# Task item
Print the entries exactly as they appear, and omit any images.

# Provided records
*** Begin section ***
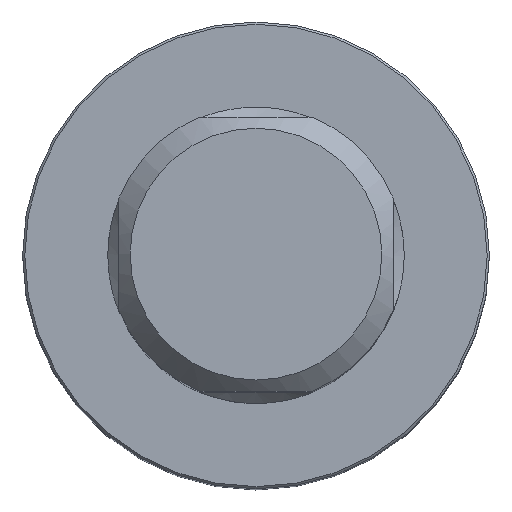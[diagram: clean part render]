
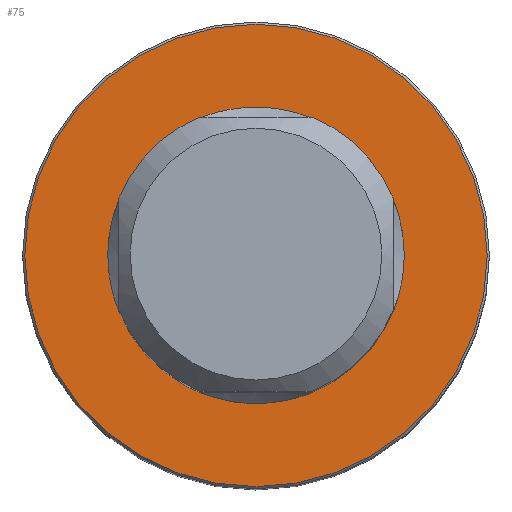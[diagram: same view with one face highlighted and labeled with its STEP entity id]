
A CAD part, top view. The second image highlights one B-rep face of the part: STEP entity #75.
In plain terms, the highlighted planar face has unit normal (0, 0, 1).
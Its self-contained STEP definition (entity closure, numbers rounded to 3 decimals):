
#40=PLANE('',#333);
#75=ADVANCED_FACE('AR_BY_CN_IB_SU_4',(#92,#93),#40,.T.);
#92=FACE_BOUND('',#118,.T.);
#93=FACE_BOUND('',#119,.T.);
#118=EDGE_LOOP('',(#206));
#119=EDGE_LOOP('',(#207));
#206=ORIENTED_EDGE('',*,*,#260,.T.);
#207=ORIENTED_EDGE('',*,*,#248,.T.);
#224=VERTEX_POINT('',#489);
#228=VERTEX_POINT('',#538);
#248=EDGE_CURVE('',#224,#224,#268,.T.);
#260=EDGE_CURVE('',#228,#228,#276,.T.);
#268=CIRCLE('',#305,19.989);
#276=CIRCLE('',#326,31.2);
#305=AXIS2_PLACEMENT_3D('',#488,#358,#359);
#326=AXIS2_PLACEMENT_3D('',#537,#400,#401);
#333=AXIS2_PLACEMENT_3D('',#576,#414,#415);
#358=DIRECTION('',(0.,0.,-1.));
#359=DIRECTION('',(1.,0.,0.));
#400=DIRECTION('',(0.,0.,1.));
#401=DIRECTION('',(1.,0.,0.));
#414=DIRECTION('',(0.,0.,1.));
#415=DIRECTION('',(1.,0.,0.));
#488=CARTESIAN_POINT('',(0.,0.,0.));
#489=CARTESIAN_POINT('',(19.989,0.,0.));
#537=CARTESIAN_POINT('',(0.,0.,0.));
#538=CARTESIAN_POINT('',(31.2,0.,0.));
#576=CARTESIAN_POINT('',(-31.5,0.,0.));
*** End section ***
# Your response
[diagram: clean part render]
[diagram: same view with one face highlighted and labeled with its STEP entity id]
A CAD part, top view. The second image highlights one B-rep face of the part: STEP entity #75.
In plain terms, the highlighted planar face has unit normal (0, 0, 1).
Its self-contained STEP definition (entity closure, numbers rounded to 3 decimals):
#40=PLANE('',#333);
#75=ADVANCED_FACE('AR_BY_CN_IB_SU_4',(#92,#93),#40,.T.);
#92=FACE_BOUND('',#118,.T.);
#93=FACE_BOUND('',#119,.T.);
#118=EDGE_LOOP('',(#206));
#119=EDGE_LOOP('',(#207));
#206=ORIENTED_EDGE('',*,*,#260,.T.);
#207=ORIENTED_EDGE('',*,*,#248,.T.);
#224=VERTEX_POINT('',#489);
#228=VERTEX_POINT('',#538);
#248=EDGE_CURVE('',#224,#224,#268,.T.);
#260=EDGE_CURVE('',#228,#228,#276,.T.);
#268=CIRCLE('',#305,19.989);
#276=CIRCLE('',#326,31.2);
#305=AXIS2_PLACEMENT_3D('',#488,#358,#359);
#326=AXIS2_PLACEMENT_3D('',#537,#400,#401);
#333=AXIS2_PLACEMENT_3D('',#576,#414,#415);
#358=DIRECTION('',(0.,0.,-1.));
#359=DIRECTION('',(1.,0.,0.));
#400=DIRECTION('',(0.,0.,1.));
#401=DIRECTION('',(1.,0.,0.));
#414=DIRECTION('',(0.,0.,1.));
#415=DIRECTION('',(1.,0.,0.));
#488=CARTESIAN_POINT('',(0.,0.,0.));
#489=CARTESIAN_POINT('',(19.989,0.,0.));
#537=CARTESIAN_POINT('',(0.,0.,0.));
#538=CARTESIAN_POINT('',(31.2,0.,0.));
#576=CARTESIAN_POINT('',(-31.5,0.,0.));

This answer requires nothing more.